Does the federation have a constitutional right to do so? Only to the extent allowed under Article 144(1), that is, if constituent units may consent to do so by way of resolutions passed by provincial assemblies. A perfect example in this regard is the Seed (Amendment) Act, 2015.
The original Seed Act, 1976 was promulgated when all provincial assemblies at the time passed resolutions empowering the centre to regulate and control the quality of seeds of various varieties of crops. However, it is of note that Article 144 empowers provinces with a perpetual right to opt-out of such legislations at any time.
However, since the 1976 resolutions were never repealed by any provinces, the federation reserves the right to legislate/amend on any subjects that were previously consented to by provinces, even if such consent pre-dates the rearrangement following Eighteenth amendment.
As a result, powerful regulatory functions that were notified as federal domains in the constitutional structure pre-dating 2010 continue to rest with the federation. These include national level research & development organizations such as Agriculture Policy Institute, Pakistan Agriculture Research Council, National Agriculture Research Centre, Pakistan Central Cotton Committee, Federal Seed Certification & Registration Department, National Seed Council, Pakistan Oilseed Development Board, Livestock & Dairy Development Board, among many others.
Ordinarily, this would be of little concern because after all, policymaking of national and strategic importance should take place at the centre. Except, bulk of budgetary allocation for agriculture since 2011 now takes place at provincial instead of federal level, starving many of these regulators of much needed fiscal space.
At the same time, while provincial agricultural departments now stand constitutionally and financially empowered, legislation made in the past (pre-dating Eighteenth amendment) that transferred many of their regulatory functions to the centre means that as regulators, these departments are effectively toothless. Agriculture in provinces still function as extension departments, monitoring supply, procurement, distribution, and prices. Even as policy making continues to remain a domain of regulatory bodies at the centre.
Take the example of seed related regulations. While both Sindh and Punjab have semi-autonomous seed corporations, their stated mission does not go beyond “production, replication, and marketing of quality varieties”.
Seed research, trials, testing, certification, and registration purely remains in the federal domain, where – in the case of cotton, for example – approval from at least five regulators is required before a new seed variety may be approved for commercial purposes. Even as a new generation of bureaucrats note in private discussions that seed research and approval is best conducted at provincial level, considering that changing environmental patterns mean that varieties earlier suited across country may no longer viable for every region.
Whether regulation of agriculture should take place at the centre or provincial level is beyond the scope of a newspaper column.
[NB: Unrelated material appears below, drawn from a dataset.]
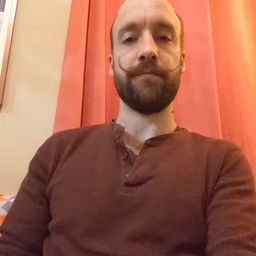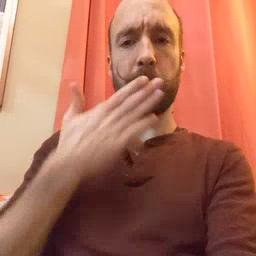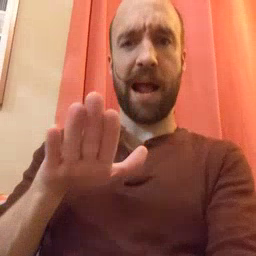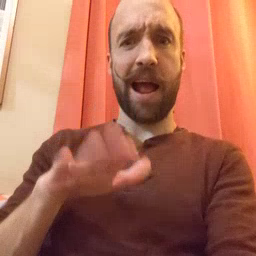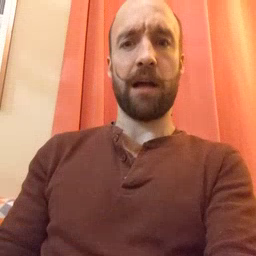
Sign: bad

But it is still important to point out that the Eighteenth amendment has in effect caused little change in the governance of a sector that is often insisted to have since been ‘devolved’. Major regulatory functions that previously rested with the centre continue to do so, even as MNFS&R and its reporting bodies lament limiting fiscal space.
If the dismal sectoral growth rate during the past decade is any guide, the need to streamline centre’s regulatory functions with available resources has never been higher. In its absence, provincial governments will remain inflicted with a more hazard: regardless of governance capacity, provinces will refuse to take charge citing past legislation that empowered the centre, even though they possess the right to opt-out and pursue own policymaking.